Fra i vincitori della prima guerra mondiale l’Italia era la nazione più fragile, sia perché
politicamente era “nata” da poco più di mezzo secolo, sia perché la sua economia era debole anche
prima della guerra, sia per il grande divario tra il Nord e il Sud del Paese.
Le condizioni in cui si trovò il nostro paese sono quindi immaginabili : una crisi generale
dell’economia, l’inflazione “galoppante”, i prezzi che salivano alle stelle mentre gli stipendi
restavano praticamente inalterati, e la disoccupazione era aumentata di sei volte rispetto all’anno
precedente.
La guerra, benché vittoriosa, ha significato investimento di capitali, calo della produzione agricola
per l’assenza materiale della forza-lavoro, arricchimento di pochi industriali e ulteriore
impoverimento dei lavoratori.
Una crisi generale, dunque, che coinvolse la stragrande maggioranza della popolazione.
Ai contadini durante la guerra era stata promessa la distribuzione delle terre ma queste erano
state dimenticate e nessuno intendeva rispettarle. Gli operai trovarono: aumento dei prezzi,
abbassamento dei salari, fame, disoccupazione. La crisi economica colpì anche la piccola e media
borghesia: da questi ceti erano stati reclutati gli ufficiali e i sottufficiali, tornati a casa erano stati
costretti a riadattarsi a una vita grigia e monotona, fatta di magri stipendi e sacrifici.
I reduci, soprattutto gli ufficiali di complemento, costituivano un’alta categoria che aveva buone
ragioni per lamentarsi. Innanzitutto, dopo 4 anni di guerra, trovarono grandi difficoltà a
reinserirsi nella vita “civile” e a trovare un posto di lavoro; questi giovani, inoltre, si sentirono
guardati con malcelato disprezzo proprio da quegli “imboscati che, mentre loro combattevano al
fronte, avevano approfittato per costruirsi delle cospicue fortune attraverso ogni tipo di
speculazione.
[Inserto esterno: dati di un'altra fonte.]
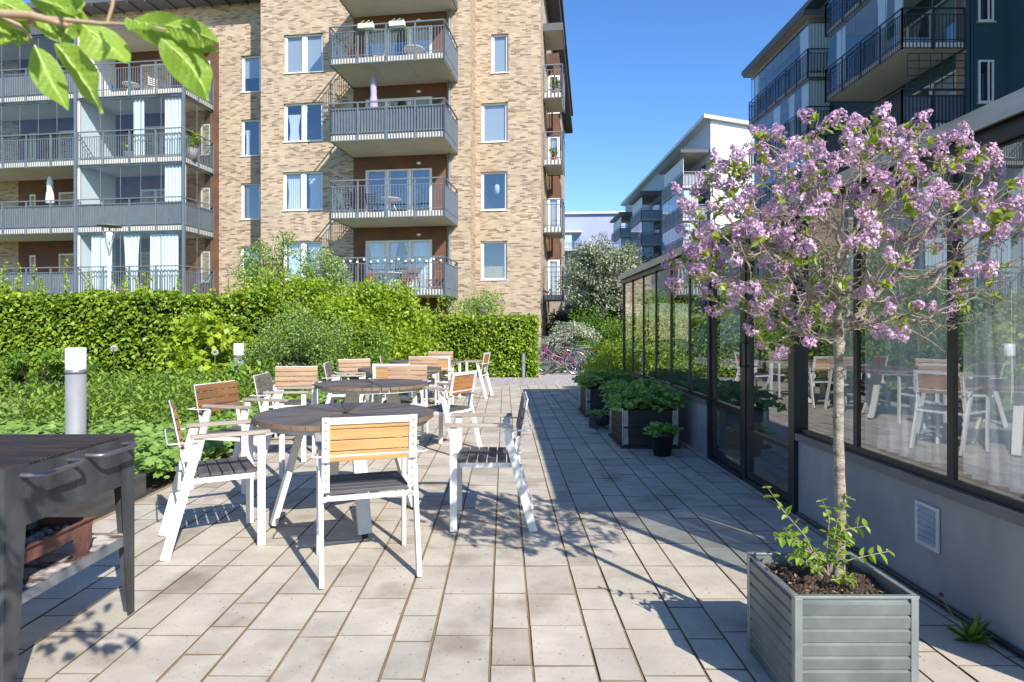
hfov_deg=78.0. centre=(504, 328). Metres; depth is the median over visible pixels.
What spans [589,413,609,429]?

Al loro rientro, le sinistre scatenarono inoltre la “caccia ai reduci e agli ufficiali”: a
loro, in pratica, si rimproverava di aver voluto la guerra e di avervi trascinato gli operai e i
contadini, mentre sappiamo che la decisione dell’intervento era stata presa da un’esigua
minoranza di italiani.
Questi malcapitati, tutti appartenenti alla classe media, tutti in preda alla più nera disperazione:
una mina vagante che vede davanti ai suoi occhi la grande industria e le banche rifiutarsi di
accollarsi i debiti nonostante gli ingenti profitti fatti con la guerra; e ha la netta impressione di
essere stata tradita, come i reduci.(da notare che tutto questo sta accadendo contemporaneamente
anche in Germania).
La soluzione che adottò il governo per far fronte ai debiti e alle spese sostenute in guerra era stata
quella di aumentare le tasse; con la conseguenza di far aumentare il costo della vita e bloccare
ulteriormente gli investimenti produttivi.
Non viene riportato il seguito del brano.